Aggregate concepts are required by Say’s law: (1) the value of total factor payments considered as aggregate supply, and (2) aggregate demand as the aggregate of spending on output that has been earned from total factor payments. If aggregate concepts are invalid, then Say’s law is also invalid.
While I am pleased to see Jonathan Finegold Catalán proclaim that only crude Austrians deny the existence of aggregates, a more interesting question is whether he is willing to repudiate statements like this from the Austrian William L. Anderson:
“When Krugman uses ‘demand,’ he means ‘aggregate demand,’ which economically speaking is a nonsensical term. There is no such thing as “aggregate demand.’”Anderson sets himself up as a serious Austrian critic of Paul Krugman, yet here he is caught making the most risible, stupid statements.
William L. Anderson, “Krugman: In the Long Run, We Screw Future Generations,” Krugman-in-Wonderland, June 25, 2010.

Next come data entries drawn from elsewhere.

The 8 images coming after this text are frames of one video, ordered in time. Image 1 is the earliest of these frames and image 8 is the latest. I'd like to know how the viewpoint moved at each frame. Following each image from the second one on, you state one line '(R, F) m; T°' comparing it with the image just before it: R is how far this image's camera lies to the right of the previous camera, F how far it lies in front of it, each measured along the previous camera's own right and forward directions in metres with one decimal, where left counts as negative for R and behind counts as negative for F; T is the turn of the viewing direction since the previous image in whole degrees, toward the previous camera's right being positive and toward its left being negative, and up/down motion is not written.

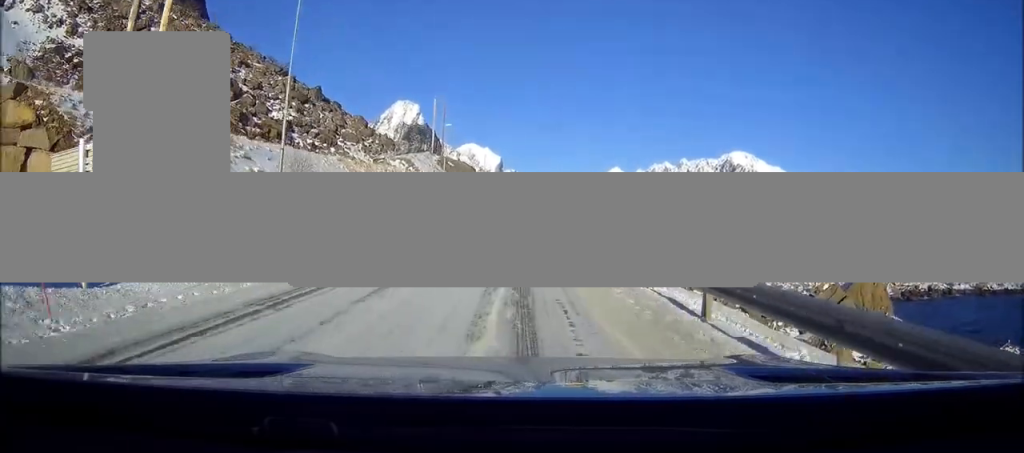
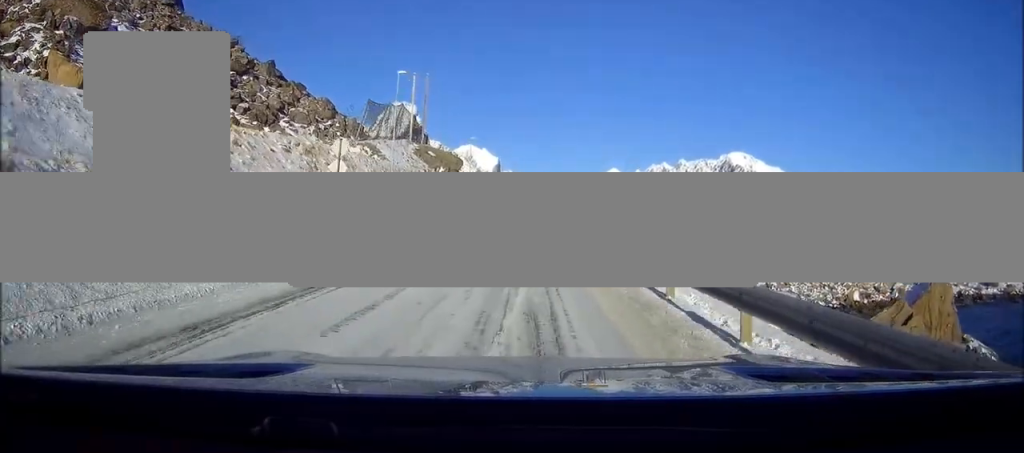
(+0.1, +24.0) m; +1°
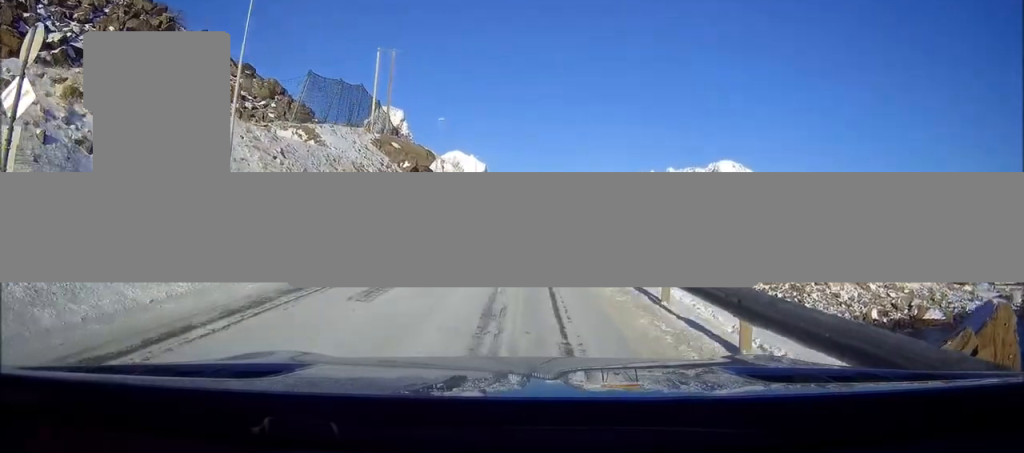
(+0.2, +19.9) m; +1°
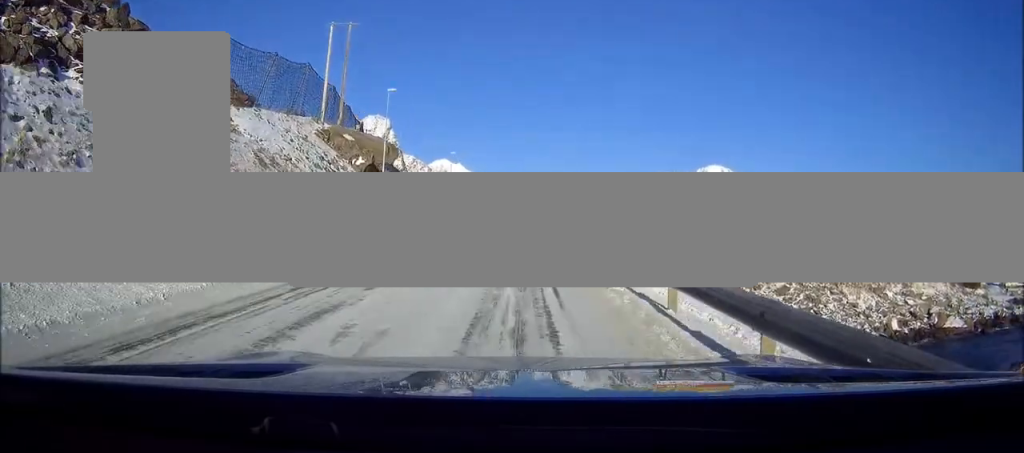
(+0.2, +16.6) m; +1°
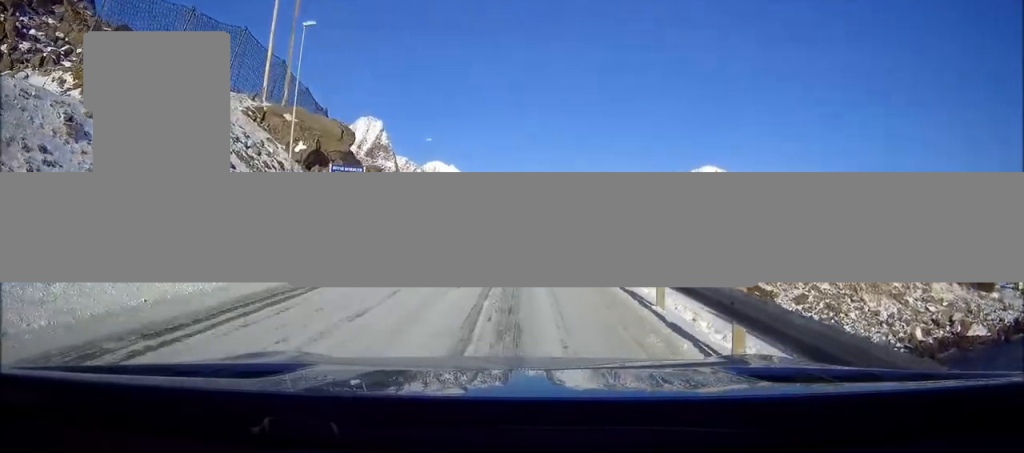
(+0.1, +15.1) m; +1°
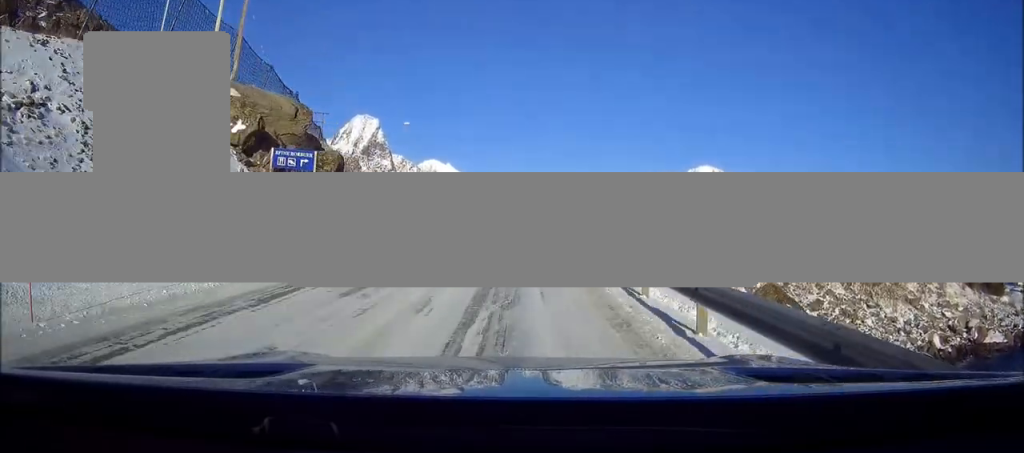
(0.0, +10.2) m; 0°
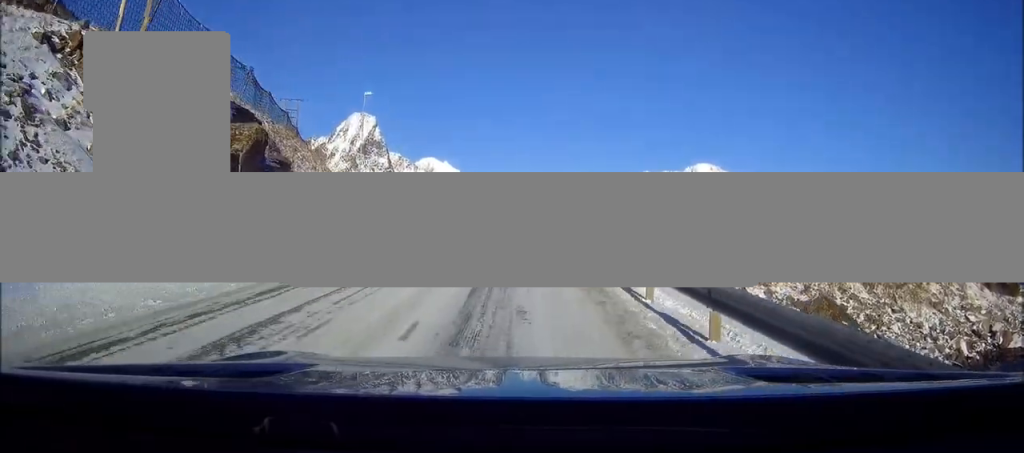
(+0.1, +12.5) m; 0°
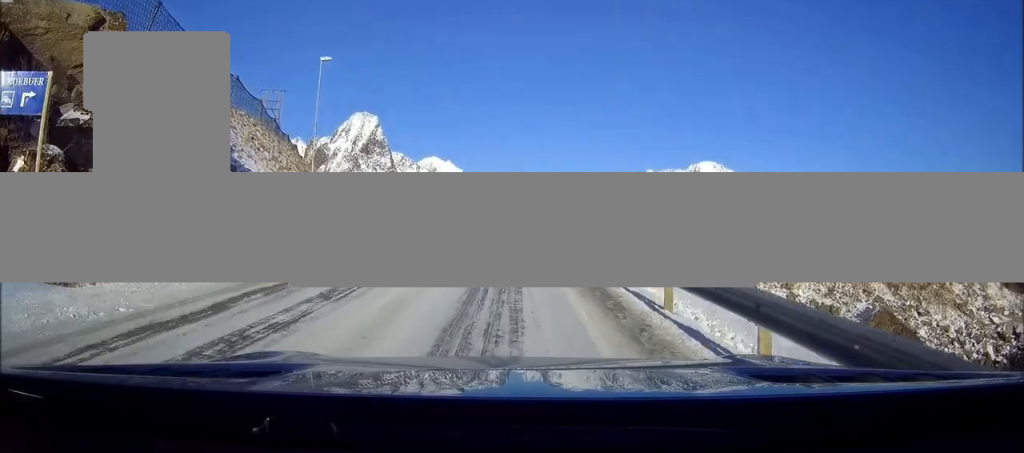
(-0.1, +9.4) m; -1°

“The problem is that Krugman, as a Keynesian macro guy, cannot see anything but aggregates, which is not economics at all. There is no such thing as ‘aggregate demand’ and ‘aggregate supply,’ or at least something with such terms that can be represented in the crude ‘Keynesian Cross’ or an AD-AS graph.”
William L. Anderson, “The ‘Stimulus’ that Failed to ‘Fix’ the Economy ,” Krugman-in-Wonderland, December 21, 2011.
“For all of his ‘credentials,’ let us not forget that Krugman is a Keynesian who has no clue whatsoever what happens in a real economy. His world is the imaginary world of aggregates, GDP numbers, crude graphs, and no real people and certainly no real production.”
William L. Anderson, “Jeremy Warner Gets It Right on Krugman,” Krugman-in-Wonderland, March 21, 2010.
And this sort of stupidity is far more common amongst Austrians, especially internet Austrians, than the more “astute” Austrians think.